(my cpu is an intel haswell 4770k)
so i was testing my mandelbrot program yesterday and was experiencing some intermittent shockingly-fast performance, seemingly without rhyme or reason. it would go really fast for a little while then start going slower. the instances where it would go really fast, i could hear my cpu fan spin up rather loud (it usually doesnt spin up at all). in fact, this was the first time ive heard my new cpu fan spin up at all since i got this monstrous new HSF a few months ago. i just figured the heatsink is so big maybe the fan doesnt need to spin up much (it IS spinning though; you can see it is always spinning at a low setting), though it seemed kind of strange as i would still expect the fan to spin up while under load running mandelbrot renders all the time and such. anyway the whole thing has me thinking, and wondering what exactly is going on, and what if anything might be able to be better configured to coax out that high performance.
the difference in performance is indeed rather shocking too: one of the times that it went fast, the render completed in 27 seconds. so i started re-running the same exact render to see what kind of performance difference i might notice: the second time it took 2m33s. the third time it took 3m0s. the fourth time it took 2m0s. then on successive tries after that, it would seemingly randomly take either 2m, 2.5m, or 3m. and i know my code is taking the same path and doing the same exact thing each time too, so its not just that my program is doing something different. i even have lots of timers and progress bars for all the different stages of computations: for reference iteration, delta initialization, perturbation iteration, and rendering. and you can clearly see each stage uniformly going faster or slower across the board.
that is upward of >6x performance difference! that is positively insane. i simply cant picture normal expected operating behavior of either turbo boosting or throttling accounting for that huge of a difference.
possibly related (my program is explicitly vectorized), possibly not: recently i noticed a discussion amongst some HPC people discussing some of the black-box voodoo that goes on inside modern cpus nowadays, specifically intel chips with avx. one interesting thing they mentioned was that when the cpu first starts getting hit with avx instructions, it will emulate them for a short while before it actually fires up the vector units. a more concerning thing mentioned was the existence of avx-specific throttling. googling for avx throttling finds some discussions related to xeon chips, and i found some stuff claiming that avx throttling isnt supposed to happen on desktop chips. not really sure what to make of this.
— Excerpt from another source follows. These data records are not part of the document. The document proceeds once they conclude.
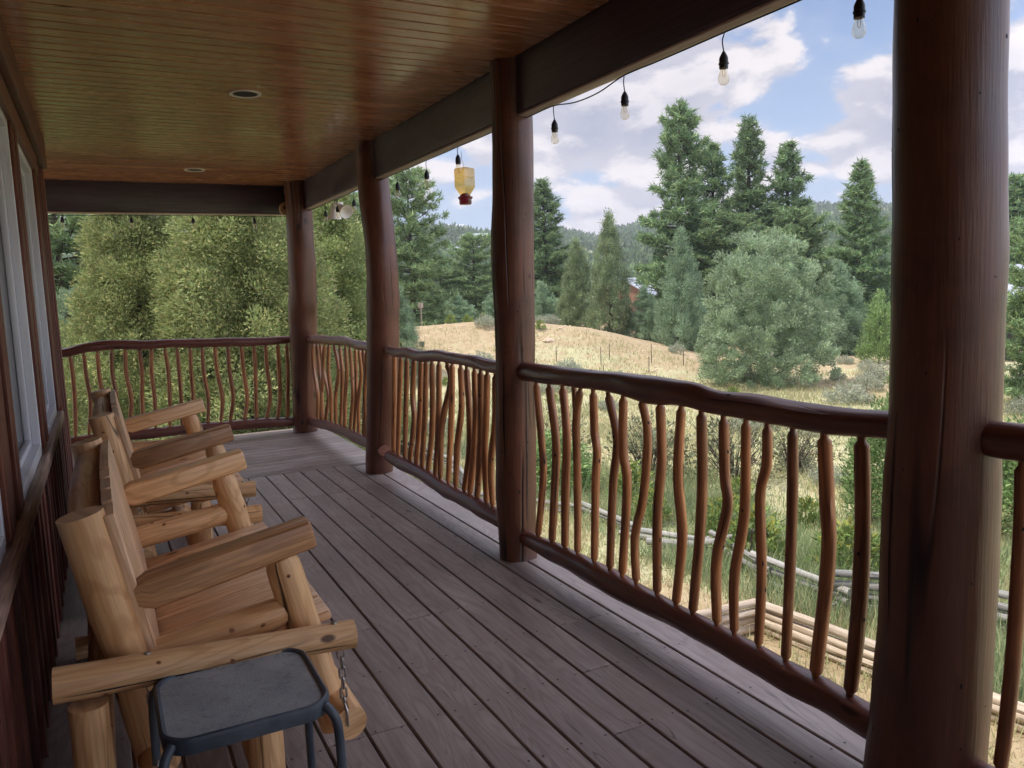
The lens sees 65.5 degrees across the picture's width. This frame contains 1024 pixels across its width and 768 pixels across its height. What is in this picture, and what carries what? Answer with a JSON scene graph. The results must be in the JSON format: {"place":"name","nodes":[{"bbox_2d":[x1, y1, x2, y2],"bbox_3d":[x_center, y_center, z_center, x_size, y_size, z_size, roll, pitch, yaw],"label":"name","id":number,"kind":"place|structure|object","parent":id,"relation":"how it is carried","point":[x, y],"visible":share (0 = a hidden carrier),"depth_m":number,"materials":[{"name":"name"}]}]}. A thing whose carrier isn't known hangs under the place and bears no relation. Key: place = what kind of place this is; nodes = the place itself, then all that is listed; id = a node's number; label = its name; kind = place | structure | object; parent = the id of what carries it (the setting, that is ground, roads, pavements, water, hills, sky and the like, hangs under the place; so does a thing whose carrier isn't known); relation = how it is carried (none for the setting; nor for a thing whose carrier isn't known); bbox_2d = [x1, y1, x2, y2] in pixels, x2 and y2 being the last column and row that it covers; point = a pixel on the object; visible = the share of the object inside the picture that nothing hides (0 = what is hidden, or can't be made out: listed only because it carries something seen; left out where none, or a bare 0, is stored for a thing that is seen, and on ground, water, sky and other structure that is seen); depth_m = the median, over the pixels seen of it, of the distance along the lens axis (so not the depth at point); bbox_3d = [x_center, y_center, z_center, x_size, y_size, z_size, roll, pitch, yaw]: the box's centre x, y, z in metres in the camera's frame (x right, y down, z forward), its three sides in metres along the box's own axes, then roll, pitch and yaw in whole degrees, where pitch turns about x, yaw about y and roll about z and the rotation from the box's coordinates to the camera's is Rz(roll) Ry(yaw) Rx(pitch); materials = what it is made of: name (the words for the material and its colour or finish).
{"place":"outdoors","nodes":[
{"label":"outdoors","id":0,"kind":"place"},
{"bbox_2d":[61,208,887,329],"bbox_3d":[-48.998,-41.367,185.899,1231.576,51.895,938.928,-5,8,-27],"label":"hills","id":1,"kind":"structure","parent":0,"point":[590,251],"depth_m":355.59,"materials":[{"name":"plant"}]},
{"bbox_2d":[51,200,1022,312],"bbox_3d":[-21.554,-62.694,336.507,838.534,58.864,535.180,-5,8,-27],"label":"hill woods","id":2,"kind":"object","parent":1,"relation":"on","point":[635,251],"visible":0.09,"depth_m":301.97,"materials":[{"name":"green plant"}]},
{"bbox_2d":[60,0,1023,237],"label":"sky","id":3,"kind":"structure","parent":0,"point":[807,72],"materials":[{"name":"blue"}]},
{"bbox_2d":[146,320,1023,767],"bbox_3d":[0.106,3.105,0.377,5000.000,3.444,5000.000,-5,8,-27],"label":"ground","id":4,"kind":"structure","parent":0,"point":[484,336],"depth_m":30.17,"materials":[{"name":"beige plant"}]},
{"bbox_2d":[0,73,73,767],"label":"house","id":5,"kind":"structure","parent":4,"relation":"on","point":[36,464],"depth_m":3.41,"materials":[{"name":"red wood"}]},
{"bbox_2d":[0,493,5,565],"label":"window","id":6,"kind":"structure","parent":5,"relation":"in","point":[2,530],"depth_m":2.17,"materials":[{"name":"plastic"}]},
{"bbox_2d":[0,108,41,500],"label":"window","id":7,"kind":"structure","parent":5,"relation":"in","point":[12,287],"depth_m":3.47,"materials":[{"name":"glass"}]},
{"bbox_2d":[18,144,56,433],"bbox_3d":[-2.601,-0.495,4.312,0.062,1.468,1.124,-5,8,-27],"label":"window","id":8,"kind":"structure","parent":5,"relation":"in","point":[26,172],"depth_m":4.76,"materials":[{"name":"grey glass"}]},
{"bbox_2d":[0,0,796,215],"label":"porch roof","id":9,"kind":"structure","parent":5,"relation":"attached to","point":[128,107],"depth_m":3.96,"materials":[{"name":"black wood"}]},
{"bbox_2d":[229,90,261,97],"bbox_3d":[-1.459,-1.585,4.352,0.172,0.007,0.172,-5,8,-27],"label":"ceiling light","id":10,"kind":"object","parent":9,"relation":"attached to","point":[244,93],"visible":1,"depth_m":4.35,"materials":[{"name":"white metal"}]},
{"bbox_2d":[328,202,352,218],"bbox_3d":[-1.532,-1.536,7.081,0.124,0.159,0.442,-6,8,-30],"label":"floodlight","id":11,"kind":"object","parent":9,"relation":"attached to","point":[346,211],"visible":0.92,"depth_m":6.96,"materials":[{"name":"white plastic"}]},
{"bbox_2d":[48,0,865,225],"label":"string lights","id":12,"kind":"object","parent":9,"relation":"hanging from","point":[859,11],"visible":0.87,"depth_m":3.17,"materials":[{"name":"grey rubber"}]},
{"bbox_2d":[458,152,472,204],"bbox_3d":[-0.283,-1.224,4.740,0.089,0.305,0.090,5,10,45],"label":"hummingbird feeder","id":13,"kind":"object","parent":9,"relation":"hanging from","point":[465,198],"visible":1,"depth_m":4.73,"materials":[{"name":"red plastic"}]},
{"bbox_2d":[56,287,93,435],"bbox_3d":[-10.505,-0.142,18.855,2.006,4.394,1.957,3,8,34],"label":"leafy bush","id":14,"kind":"object","parent":4,"relation":"on","point":[61,300],"visible":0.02,"depth_m":18.46,"materials":[{"name":"green plant"}]},
{"bbox_2d":[48,214,160,400],"bbox_3d":[-13.364,-3.294,23.720,6.596,9.752,6.474,-5,7,-21],"label":"pine tree","id":15,"kind":"object","parent":4,"relation":"on","point":[63,268],"visible":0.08,"depth_m":22.48,"materials":[{"name":"green plant"}]},
{"bbox_2d":[59,214,239,440],"bbox_3d":[-6.864,-1.192,14.740,3.781,7.305,3.704,2,8,32],"label":"juniper tree","id":16,"kind":"object","parent":4,"relation":"on","point":[106,317],"visible":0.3,"depth_m":14.08,"materials":[{"name":"green plant"}]},
{"bbox_2d":[204,217,290,427],"bbox_3d":[-5.623,-1.917,17.945,3.824,7.880,4.085,0,7,14],"label":"juniper tree","id":17,"kind":"object","parent":4,"relation":"on","point":[219,261],"depth_m":17.33,"materials":[{"name":"green plant"}]},
{"bbox_2d":[131,215,365,450],"bbox_3d":[-4.907,-1.366,14.216,4.936,7.776,4.835,-5,8,-27],"label":"juniper tree","id":18,"kind":"object","parent":4,"relation":"on","point":[260,263],"visible":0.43,"depth_m":13.29,"materials":[{"name":"green plant"}]},
{"bbox_2d":[291,193,416,450],"bbox_3d":[-3.915,-1.463,17.708,3.321,6.867,3.547,-1,7,6],"label":"juniper tree","id":19,"kind":"object","parent":4,"relation":"on","point":[340,239],"visible":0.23,"depth_m":17.29,"materials":[{"name":"green plant"}]},
{"bbox_2d":[346,192,398,297],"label":"pine tree","id":20,"kind":"object","parent":4,"relation":"on","point":[357,212],"visible":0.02,"depth_m":36.04,"materials":[{"name":"green plant"}]},
{"bbox_2d":[399,284,429,379],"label":"juniper tree","id":21,"kind":"object","parent":4,"relation":"on","point":[407,339],"visible":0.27,"depth_m":29.45,"materials":[{"name":"green plant"}]},
{"bbox_2d":[400,440,446,467],"bbox_3d":[-2.182,1.508,17.940,0.138,0.333,3.716,-6,8,-32],"label":"rail fence","id":22,"kind":"object","parent":4,"relation":"on","point":[445,457],"visible":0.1,"depth_m":17.45,"materials":[{"name":"wood"}]},
{"bbox_2d":[389,165,459,325],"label":"pine tree","id":23,"kind":"object","parent":4,"relation":"on","point":[415,250],"visible":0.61,"depth_m":40.61,"materials":[{"name":"green plant"}]},
{"bbox_2d":[418,255,471,307],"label":"pine tree","id":24,"kind":"object","parent":4,"relation":"on","point":[445,286],"visible":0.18,"depth_m":53.00,"materials":[{"name":"green plant"}]},
{"bbox_2d":[42,428,865,767],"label":"deck","id":25,"kind":"structure","parent":4,"relation":"on","point":[472,650],"depth_m":3.11,"materials":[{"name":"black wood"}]},
{"bbox_2d":[88,388,255,558],"bbox_3d":[-1.955,0.517,4.470,0.779,0.929,1.545,-5,8,-27],"label":"glider bench","id":26,"kind":"object","parent":25,"relation":"on","point":[134,460],"visible":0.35,"depth_m":3.94,"materials":[{"name":"brown wood"}]},
{"bbox_2d":[52,437,366,767],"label":"glider bench","id":27,"kind":"object","parent":25,"relation":"on","point":[242,590],"visible":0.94,"depth_m":2.18,"materials":[{"name":"brown wood"}]},
{"bbox_2d":[148,648,346,767],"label":"side table","id":28,"kind":"object","parent":25,"relation":"on","point":[207,710],"visible":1,"depth_m":1.88,"materials":[{"name":"grey metal"}]},
{"bbox_2d":[283,181,317,432],"bbox_3d":[-2.169,-0.721,8.193,0.294,2.596,0.617,-5,8,-27],"label":"porch post","id":29,"kind":"object","parent":25,"relation":"on","point":[302,309],"visible":0.85,"depth_m":7.99,"materials":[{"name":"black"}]},
{"bbox_2d":[62,336,292,443],"bbox_3d":[-4.491,0.151,7.298,5.111,1.018,0.122,-5,8,-27],"label":"log railing","id":30,"kind":"object","parent":29,"relation":"attached to","point":[245,423],"visible":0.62,"depth_m":7.91,"materials":[{"name":"black wood"}]},
{"bbox_2d":[355,141,399,474],"bbox_3d":[-1.040,-0.482,6.166,0.255,2.660,0.583,-5,8,-27],"label":"porch post","id":31,"kind":"object","parent":25,"relation":"on","point":[382,301],"visible":0.81,"depth_m":5.93,"materials":[{"name":"black wood"}]},
{"bbox_2d":[307,335,389,455],"bbox_3d":[-1.589,0.048,7.300,0.113,0.989,2.453,-5,8,-27],"label":"log railing","id":32,"kind":"object","parent":31,"relation":"attached to","point":[353,435],"visible":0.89,"depth_m":7.17,"materials":[{"name":"black"}]},
{"bbox_2d":[489,57,536,561],"bbox_3d":[0.011,-0.316,4.131,0.228,2.568,0.303,-5,8,-27],"label":"porch post","id":33,"kind":"object","parent":25,"relation":"on","point":[512,252],"visible":0.92,"depth_m":4.04,"materials":[{"name":"brown wood"}]},
{"bbox_2d":[384,345,497,526],"bbox_3d":[-0.482,0.254,5.206,0.110,0.964,2.096,-5,8,-27],"label":"log railing","id":34,"kind":"object","parent":33,"relation":"attached to","point":[479,464],"visible":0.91,"depth_m":5.05,"materials":[{"name":"black wood"}]},
{"bbox_2d":[516,362,887,739],"bbox_3d":[0.562,0.466,3.204,0.111,1.008,2.341,-5,8,-27],"label":"log railing","id":35,"kind":"object","parent":33,"relation":"attached to","point":[844,705],"visible":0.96,"depth_m":2.86,"materials":[{"name":"black wood"}]},
{"bbox_2d":[863,0,1009,767],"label":"porch post","id":36,"kind":"object","parent":25,"relation":"on","point":[931,694],"visible":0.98,"depth_m":1.95,"materials":[{"name":"brown wood"}]},
{"bbox_2d":[970,421,1023,767],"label":"log railing","id":37,"kind":"object","parent":36,"relation":"attached to","point":[1001,440],"visible":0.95,"depth_m":1.91,"materials":[{"name":"black"}]},
{"bbox_2d":[443,292,477,322],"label":"juniper tree","id":38,"kind":"object","parent":4,"relation":"on","point":[460,310],"visible":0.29,"depth_m":47.80,"materials":[{"name":"green plant"}]},
{"bbox_2d":[446,232,492,320],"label":"pine tree","id":39,"kind":"object","parent":4,"relation":"on","point":[468,243],"visible":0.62,"depth_m":53.74,"materials":[{"name":"green plant"}]},
{"bbox_2d":[472,314,493,327],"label":"sagebrush","id":40,"kind":"object","parent":4,"relation":"on","point":[481,322],"visible":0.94,"depth_m":33.80,"materials":[{"name":"green plant"}]},
{"bbox_2d":[479,290,493,320],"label":"juniper tree","id":41,"kind":"object","parent":4,"relation":"on","point":[489,304],"visible":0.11,"depth_m":47.52,"materials":[{"name":"green plant"}]},
{"bbox_2d":[495,404,601,461],"bbox_3d":[0.901,1.134,16.680,2.164,1.441,2.216,-6,8,-29],"label":"twiggy bush","id":42,"kind":"object","parent":4,"relation":"on","point":[581,425],"visible":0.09,"depth_m":16.64,"materials":[{"name":"green plant"}]},
{"bbox_2d":[535,280,562,323],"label":"juniper tree","id":43,"kind":"object","parent":4,"relation":"on","point":[544,299],"visible":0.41,"depth_m":44.69,"materials":[{"name":"green plant"}]},
{"bbox_2d":[534,176,580,324],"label":"pine tree","id":44,"kind":"object","parent":4,"relation":"on","point":[548,234],"visible":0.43,"depth_m":48.62,"materials":[{"name":"green plant"}]},
{"bbox_2d":[553,357,582,367],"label":"sagebrush","id":45,"kind":"object","parent":4,"relation":"on","point":[565,361],"visible":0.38,"depth_m":29.99,"materials":[{"name":"green plant"}]},
{"bbox_2d":[536,428,605,495],"bbox_3d":[0.750,1.448,14.814,1.907,1.277,1.960,-3,7,-10],"label":"leafy shrub","id":46,"kind":"object","parent":4,"relation":"on","point":[586,468],"visible":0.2,"depth_m":14.59,"materials":[{"name":"green plant"}]},
{"bbox_2d":[553,234,597,329],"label":"juniper tree","id":47,"kind":"object","parent":4,"relation":"on","point":[579,287],"visible":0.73,"depth_m":41.09,"materials":[{"name":"green plant"}]},
{"bbox_2d":[581,501,632,529],"bbox_3d":[1.436,2.041,12.453,0.104,0.166,1.557,-6,8,-30],"label":"rail fence","id":48,"kind":"object","parent":4,"relation":"on","point":[605,513],"visible":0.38,"depth_m":12.43,"materials":[{"name":"wood"}]},
{"bbox_2d":[581,207,637,335],"bbox_3d":[4.861,-5.356,39.324,2.754,6.743,2.727,-3,7,-11],"label":"juniper tree","id":49,"kind":"object","parent":4,"relation":"on","point":[609,276],"visible":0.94,"depth_m":39.04,"materials":[{"name":"green plant"}]},
{"bbox_2d":[600,459,654,501],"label":"weed plant","id":50,"kind":"object","parent":4,"relation":"on","point":[635,476],"visible":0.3,"depth_m":13.82,"materials":[{"name":"green plant"}]},
{"bbox_2d":[416,322,844,388],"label":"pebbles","id":51,"kind":"object","parent":4,"relation":"on","point":[601,350],"visible":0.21,"depth_m":32.68,"materials":[{"name":"stone"}]},
{"bbox_2d":[599,278,670,322],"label":"cabin","id":52,"kind":"object","parent":4,"relation":"on","point":[635,289],"visible":0.09,"depth_m":67.23,"materials":[{"name":"brown"}]},
{"bbox_2d":[622,284,665,342],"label":"juniper tree","id":53,"kind":"object","parent":4,"relation":"on","point":[643,315],"visible":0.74,"depth_m":39.01,"materials":[{"name":"green plant"}]},
{"bbox_2d":[630,485,673,526],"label":"weed plant","id":54,"kind":"object","parent":4,"relation":"on","point":[650,500],"visible":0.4,"depth_m":12.37,"materials":[{"name":"green plant"}]},
{"bbox_2d":[600,407,711,483],"bbox_3d":[2.614,1.204,15.516,2.164,1.441,2.216,-4,7,-14],"label":"twiggy bush","id":55,"kind":"object","parent":4,"relation":"on","point":[634,446],"visible":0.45,"depth_m":15.46,"materials":[{"name":"green plant"}]},
{"bbox_2d":[619,526,711,550],"bbox_3d":[2.288,2.223,11.489,1.637,0.184,0.136,3,9,36],"label":"rail fence","id":56,"kind":"object","parent":4,"relation":"on","point":[644,531],"visible":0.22,"depth_m":11.63,"materials":[{"name":"wood"}]},
{"bbox_2d":[668,342,685,353],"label":"sagebrush","id":57,"kind":"object","parent":4,"relation":"on","point":[679,348],"visible":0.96,"depth_m":33.55,"materials":[{"name":"green plant"}]},
{"bbox_2d":[651,225,708,350],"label":"juniper tree","id":58,"kind":"object","parent":4,"relation":"on","point":[682,287],"visible":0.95,"depth_m":35.73,"materials":[{"name":"green plant"}]},
{"bbox_2d":[629,96,731,331],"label":"pine tree","id":59,"kind":"object","parent":4,"relation":"on","point":[679,125],"visible":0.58,"depth_m":45.31,"materials":[{"name":"green plant"}]},
{"bbox_2d":[664,301,715,350],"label":"juniper tree","id":60,"kind":"object","parent":4,"relation":"on","point":[707,342],"visible":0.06,"depth_m":37.82,"materials":[{"name":"green plant"}]},
{"bbox_2d":[646,528,754,546],"bbox_3d":[2.627,2.141,11.135,1.502,0.353,0.119,1,7,21],"label":"loose rail","id":61,"kind":"object","parent":4,"relation":"on","point":[664,541],"visible":0.34,"depth_m":11.23,"materials":[{"name":"wood"}]},
{"bbox_2d":[685,139,734,265],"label":"pine tree","id":62,"kind":"object","parent":4,"relation":"on","point":[714,173],"visible":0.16,"depth_m":48.71,"materials":[{"name":"green plant"}]},
{"bbox_2d":[408,396,1023,702],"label":"green grass","id":63,"kind":"structure","parent":4,"relation":"on","point":[803,539],"depth_m":10.52,"materials":[{"name":"green plant"}]},
{"bbox_2d":[690,494,749,537],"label":"weed plant","id":64,"kind":"object","parent":4,"relation":"on","point":[713,511],"visible":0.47,"depth_m":11.66,"materials":[{"name":"green plant"}]},
{"bbox_2d":[696,598,755,634],"bbox_3d":[1.334,2.584,8.011,2.792,0.380,0.124,-5,7,-22],"label":"log border","id":65,"kind":"object","parent":4,"relation":"on","point":[746,616],"visible":0.11,"depth_m":8.43,"materials":[{"name":"wood"}]},
{"bbox_2d":[667,414,788,496],"bbox_3d":[4.143,1.182,14.658,2.437,1.585,2.380,-5,7,-21],"label":"twiggy bush","id":66,"kind":"object","parent":4,"relation":"on","point":[713,433],"visible":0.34,"depth_m":14.60,"materials":[{"name":"green plant"}]},
{"bbox_2d":[689,207,772,344],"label":"pine tree","id":67,"kind":"object","parent":4,"relation":"on","point":[739,221],"visible":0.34,"depth_m":43.80,"materials":[{"name":"green plant"}]},
{"bbox_2d":[721,475,755,503],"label":"weed plant","id":68,"kind":"object","parent":4,"relation":"on","point":[735,483],"visible":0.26,"depth_m":13.46,"materials":[{"name":"green plant"}]},
{"bbox_2d":[706,530,772,578],"bbox_3d":[2.975,2.228,10.497,0.138,0.179,1.555,-4,7,-15],"label":"rail fence","id":69,"kind":"object","parent":4,"relation":"on","point":[712,533],"visible":0.39,"depth_m":10.28,"materials":[{"name":"wood"}]},
{"bbox_2d":[728,363,759,381],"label":"sagebrush","id":70,"kind":"object","parent":4,"relation":"on","point":[749,370],"visible":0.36,"depth_m":28.89,"materials":[{"name":"green plant"}]},
{"bbox_2d":[712,501,785,560],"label":"weed plant","id":71,"kind":"object","parent":4,"relation":"on","point":[770,529],"visible":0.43,"depth_m":10.62,"materials":[{"name":"green plant"}]},
{"bbox_2d":[720,113,779,339],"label":"pine tree","id":72,"kind":"object","parent":4,"relation":"on","point":[749,195],"visible":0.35,"depth_m":46.43,"materials":[{"name":"green plant"}]},
{"bbox_2d":[693,224,846,389],"bbox_3d":[8.966,-2.647,28.202,5.174,5.802,5.047,-1,7,5],"label":"juniper tree","id":73,"kind":"object","parent":4,"relation":"on","point":[761,345],"visible":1,"depth_m":27.28,"materials":[{"name":"green plant"}]},
{"bbox_2d":[739,222,815,336],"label":"pine tree","id":74,"kind":"object","parent":4,"relation":"on","point":[787,230],"visible":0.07,"depth_m":40.23,"materials":[{"name":"green plant"}]},
{"bbox_2d":[762,287,818,358],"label":"juniper tree","id":75,"kind":"object","parent":4,"relation":"on","point":[798,343],"visible":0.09,"depth_m":36.14,"materials":[{"name":"green plant"}]},
{"bbox_2d":[758,137,827,306],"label":"pine tree","id":76,"kind":"object","parent":4,"relation":"on","point":[788,154],"visible":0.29,"depth_m":46.03,"materials":[{"name":"green plant"}]},
{"bbox_2d":[749,551,850,614],"bbox_3d":[3.376,2.349,9.394,0.132,0.380,1.472,-5,8,-27],"label":"rail fence","id":77,"kind":"object","parent":4,"relation":"on","point":[771,561],"visible":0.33,"depth_m":9.31,"materials":[{"name":"wood"}]},
{"bbox_2d":[761,204,839,330],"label":"pine tree","id":78,"kind":"object","parent":4,"relation":"on","point":[801,217],"visible":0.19,"depth_m":43.93,"materials":[{"name":"green plant"}]},
{"bbox_2d":[752,423,850,477],"bbox_3d":[5.360,1.208,15.298,1.772,1.153,1.731,-7,9,-36],"label":"twiggy bush","id":79,"kind":"object","parent":4,"relation":"on","point":[804,447],"visible":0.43,"depth_m":15.14,"materials":[{"name":"green plant"}]},
{"bbox_2d":[797,494,820,531],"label":"weed plant","id":80,"kind":"object","parent":4,"relation":"on","point":[810,503],"visible":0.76,"depth_m":11.93,"materials":[{"name":"green plant"}]},
{"bbox_2d":[754,601,875,676],"bbox_3d":[3.079,2.532,7.891,0.121,0.374,1.567,-7,8,-34],"label":"log border","id":81,"kind":"object","parent":4,"relation":"on","point":[802,630],"visible":0.41,"depth_m":7.96,"materials":[{"name":"wood"}]},
{"bbox_2d":[805,466,848,486],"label":"sagebrush","id":82,"kind":"object","parent":4,"relation":"on","point":[814,472],"visible":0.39,"depth_m":14.18,"materials":[{"name":"green plant"}]},
{"bbox_2d":[807,524,853,563],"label":"weed plant","id":83,"kind":"object","parent":4,"relation":"on","point":[842,541],"visible":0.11,"depth_m":10.32,"materials":[{"name":"green plant"}]},
{"bbox_2d":[800,258,869,354],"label":"juniper tree","id":84,"kind":"object","parent":4,"relation":"on","point":[851,292],"visible":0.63,"depth_m":36.99,"materials":[{"name":"green plant"}]},
{"bbox_2d":[802,515,880,580],"bbox_3d":[4.206,2.112,9.813,1.093,1.062,1.028,-2,7,-4],"label":"weed plant","id":85,"kind":"object","parent":4,"relation":"on","point":[846,526],"visible":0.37,"depth_m":9.73,"materials":[{"name":"green plant"}]},
{"bbox_2d":[834,354,854,364],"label":"sagebrush","id":86,"kind":"object","parent":4,"relation":"on","point":[846,360],"visible":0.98,"depth_m":33.28,"materials":[{"name":"green plant"}]},
{"bbox_2d":[818,380,873,404],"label":"sagebrush","id":87,"kind":"object","parent":4,"relation":"on","point":[861,398],"visible":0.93,"depth_m":23.46,"materials":[{"name":"green plant"}]},
{"bbox_2d":[832,569,878,610],"bbox_3d":[4.214,2.284,8.685,1.515,0.447,0.125,0,7,18],"label":"rail fence","id":88,"kind":"object","parent":4,"relation":"on","point":[848,574],"visible":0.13,"depth_m":8.79,"materials":[{"name":"wood"}]},
{"bbox_2d":[822,155,891,328],"bbox_3d":[17.444,-6.423,39.939,4.602,9.792,4.348,2,8,27],"label":"pine tree","id":89,"kind":"object","parent":4,"relation":"on","point":[866,231],"visible":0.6,"depth_m":39.28,"materials":[{"name":"green plant"}]},
{"bbox_2d":[834,371,888,525],"bbox_3d":[5.687,0.996,11.864,1.633,2.555,1.589,2,8,29],"label":"leafy shrub","id":90,"kind":"object","parent":4,"relation":"on","point":[877,447],"visible":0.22,"depth_m":11.78,"materials":[{"name":"green plant"}]},
{"bbox_2d":[846,368,886,391],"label":"sagebrush","id":91,"kind":"object","parent":4,"relation":"on","point":[869,382],"visible":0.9,"depth_m":25.66,"materials":[{"name":"green plant"}]},
{"bbox_2d":[855,358,877,371],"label":"sagebrush","id":92,"kind":"object","parent":4,"relation":"on","point":[862,366],"visible":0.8,"depth_m":31.06,"materials":[{"name":"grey plant"}]},
{"bbox_2d":[853,288,890,363],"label":"leafy tree","id":93,"kind":"object","parent":4,"relation":"on","point":[881,330],"visible":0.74,"depth_m":33.19,"materials":[{"name":"green plant"}]},
{"bbox_2d":[865,361,888,380],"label":"sagebrush","id":94,"kind":"object","parent":4,"relation":"on","point":[881,373],"visible":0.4,"depth_m":28.23,"materials":[{"name":"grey plant"}]},
{"bbox_2d":[842,330,1023,360],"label":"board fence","id":95,"kind":"object","parent":4,"relation":"on","point":[1009,336],"visible":0.02,"depth_m":34.11,"materials":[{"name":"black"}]},
{"bbox_2d":[996,590,1008,630],"bbox_3d":[5.194,2.361,8.147,1.401,0.448,0.134,4,9,40],"label":"rail fence","id":96,"kind":"object","parent":4,"relation":"on","point":[1003,607],"visible":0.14,"depth_m":8.21,"materials":[{"name":"wood"}]},
{"bbox_2d":[991,692,1023,733],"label":"log border","id":97,"kind":"object","parent":4,"relation":"on","point":[996,705],"visible":0.09,"depth_m":6.50,"materials":[{"name":"wood"}]},
{"bbox_2d":[1001,411,1023,534],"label":"leafy shrub","id":98,"kind":"object","parent":4,"relation":"on","point":[1008,467],"visible":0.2,"depth_m":10.89,"materials":[{"name":"green plant"}]},
{"bbox_2d":[1003,394,1023,417],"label":"sagebrush","id":99,"kind":"object","parent":4,"relation":"on","point":[1014,408],"visible":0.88,"depth_m":20.60,"materials":[{"name":"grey plant"}]},
{"bbox_2d":[1004,214,1023,400],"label":"pine tree","id":100,"kind":"object","parent":4,"relation":"on","point":[1014,320],"visible":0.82,"depth_m":21.50,"materials":[{"name":"green plant"}]},
{"bbox_2d":[1009,171,1023,263],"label":"pine tree","id":101,"kind":"object","parent":4,"relation":"on","point":[1016,193],"visible":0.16,"depth_m":43.54,"materials":[{"name":"green plant"}]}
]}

so anyhow, does anybody have any experience with / thoughts about any of this? not only is it maddening to think there could be that much latent performance in my system that i am rarely if ever accessing, it also makes it kind of a ridiculous prospect to work on optimizing your code when your system performance can vary so wildly. i dont know how i am even supposed to know when my code is better or worse under these conditions...